The power of the Chinese government, through the CSSA, to mobilize large numbers of people in the U.S. to show visible support for the regime—and thus shape public perception here and worldwide—is quite impressive.
When Chinese President Xi Jinping visited Washington on Sept. 24, 2015 on a state visit, hundreds of Chinese students lined the streets for hours, carrying banners and flags to welcome him. It was a remarkable display of seemingly spontaneous patriotism.
Except it wasn’t entirely spontaneous. The Chinese Embassy paid students to attend and helped organize the event. Working with Chinese Students and Scholars Associations (CSSAs) at local universities — a Chinese student organization with branches at dozens of schools around the country — government officials from the office of educational affairs at the Chinese Embassy in Washington collected the contact information of about 700 students who had signed up to attend. Embassy officials communicated with students via WeChat, a Chinese messaging app, during the event and into the night, responding to messages as late as 3 a.m.
According to a Chinese student at George Washington University who attended the event, participants each received about $20 for their effort, distributed through the CSSA a few months later.

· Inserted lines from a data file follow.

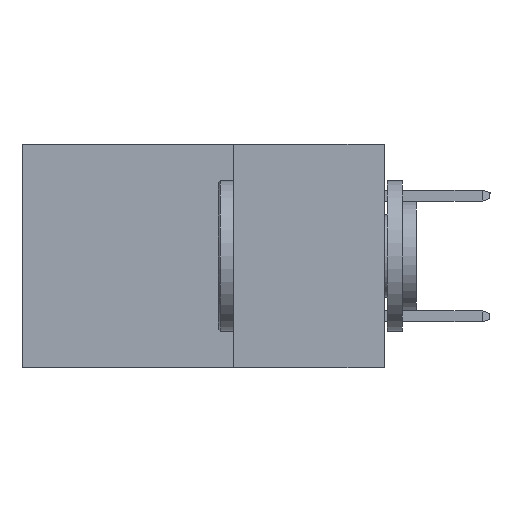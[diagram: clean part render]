
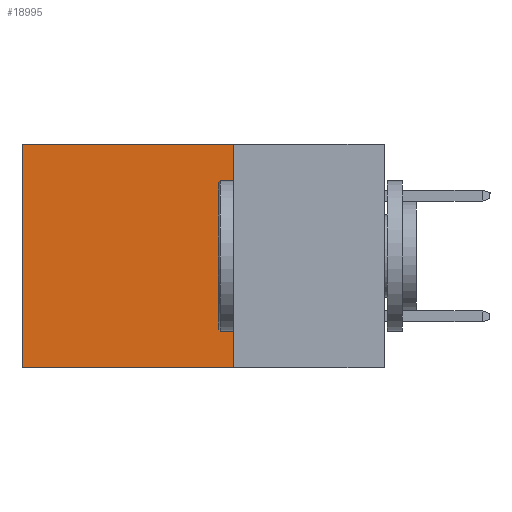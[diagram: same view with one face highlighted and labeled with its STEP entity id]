
A CAD part, left-side view. The second image highlights one B-rep face of the part: STEP entity #18995.
In plain terms, the highlighted planar face has unit normal (-1, 0, 0).
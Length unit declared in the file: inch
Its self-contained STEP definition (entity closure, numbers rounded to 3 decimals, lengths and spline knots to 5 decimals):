
#154 = DIRECTION ( 'NONE',  ( 1., 0., 0. ) ) ;
#3396 = LINE ( 'NONE', #22521, #23782 ) ;
#3902 = DIRECTION ( 'NONE',  ( 0., 0., -1. ) ) ;
#4020 = ORIENTED_EDGE ( 'NONE', *, *, #19499, .T. ) ;
#4214 = VERTEX_POINT ( 'NONE', #8291 ) ;
#4378 = DIRECTION ( 'NONE',  ( 0., 0., -1. ) ) ;
#5494 = DIRECTION ( 'NONE',  ( 0., 1., 0. ) ) ;
#8291 = CARTESIAN_POINT ( 'NONE',  ( 0.2615, 0.25, -0.37 ) ) ;
#8312 = CARTESIAN_POINT ( 'NONE',  ( 0.2615, 0.6, -0.37 ) ) ;
#8610 = ORIENTED_EDGE ( 'NONE', *, *, #12597, .T. ) ;
#9680 = ORIENTED_EDGE ( 'NONE', *, *, #24167, .F. ) ;
#9809 = CARTESIAN_POINT ( 'NONE',  ( 0.2615, 0.25, -0.37 ) ) ;
#10171 = LINE ( 'NONE', #8312, #24811 ) ;
#10278 = FACE_OUTER_BOUND ( 'NONE', #23534, .T. ) ;
#10691 = PLANE ( 'NONE',  #13785 ) ;
#10864 = CARTESIAN_POINT ( 'NONE',  ( 0.2615, 0.6, 0. ) ) ;
#12597 = EDGE_CURVE ( 'NONE', #12786, #21949, #10171, .T. ) ;
#12659 = CARTESIAN_POINT ( 'NONE',  ( 0.2615, 0.6, -0.37 ) ) ;
#12786 = VERTEX_POINT ( 'NONE', #10864 ) ;
#13785 = AXIS2_PLACEMENT_3D ( 'NONE', #21380, #154, #4378 ) ;
#15058 = CARTESIAN_POINT ( 'NONE',  ( 0.2615, 0.25, 0. ) ) ;
#15257 = VECTOR ( 'NONE', #3902, 39.37008 ) ;
#16696 = LINE ( 'NONE', #9809, #15257 ) ;
#17703 = LINE ( 'NONE', #19518, #20088 ) ;
#18995 = ADVANCED_FACE ( 'NONE', ( #10278 ), #10691, .F. ) ;
#19027 = VERTEX_POINT ( 'NONE', #15058 ) ;
#19038 = DIRECTION ( 'NONE',  ( 0., 0., -1. ) ) ;
#19430 = ORIENTED_EDGE ( 'NONE', *, *, #23638, .F. ) ;
#19499 = EDGE_CURVE ( 'NONE', #19027, #12786, #17703, .T. ) ;
#19518 = CARTESIAN_POINT ( 'NONE',  ( 0.2615, 0.25, 0. ) ) ;
#20088 = VECTOR ( 'NONE', #26007, 39.37008 ) ;
#21380 = CARTESIAN_POINT ( 'NONE',  ( 0.2615, 0.25, -0.37 ) ) ;
#21949 = VERTEX_POINT ( 'NONE', #12659 ) ;
#22521 = CARTESIAN_POINT ( 'NONE',  ( 0.2615, 0.25, -0.37 ) ) ;
#23534 = EDGE_LOOP ( 'NONE', ( #8610, #19430, #9680, #4020 ) ) ;
#23638 = EDGE_CURVE ( 'NONE', #4214, #21949, #3396, .T. ) ;
#23782 = VECTOR ( 'NONE', #5494, 39.37008 ) ;
#24167 = EDGE_CURVE ( 'NONE', #19027, #4214, #16696, .T. ) ;
#24811 = VECTOR ( 'NONE', #19038, 39.37008 ) ;
#26007 = DIRECTION ( 'NONE',  ( 0., 1., 0. ) ) ;

The havoc that the government of China and groups like the CSSA, along with the Beijing-funded Confucius Institutes, have been wreaking extends far beyond GWU—and far beyond college campuses in general, as demonstrated by the March arrest of five individuals charged with “acting on behalf of the Chinese secret police to spy on and harass U.S. residents critical of Beijing.”
At college after college, Beijing and its educational proxies have been leveraging the exploding levels of anti-Asian hate fueled by Donald Trump during the pandemic and beyond to suppress anything and anyone critical of Chinese policy … and it’s been going on for years. ProPublica documented a staggering array of examples in a painstakingly researched piece published last November, noting that “pro-China forces on campuses have assaulted, stalked, threatened and doxxed dissidents and scholars.”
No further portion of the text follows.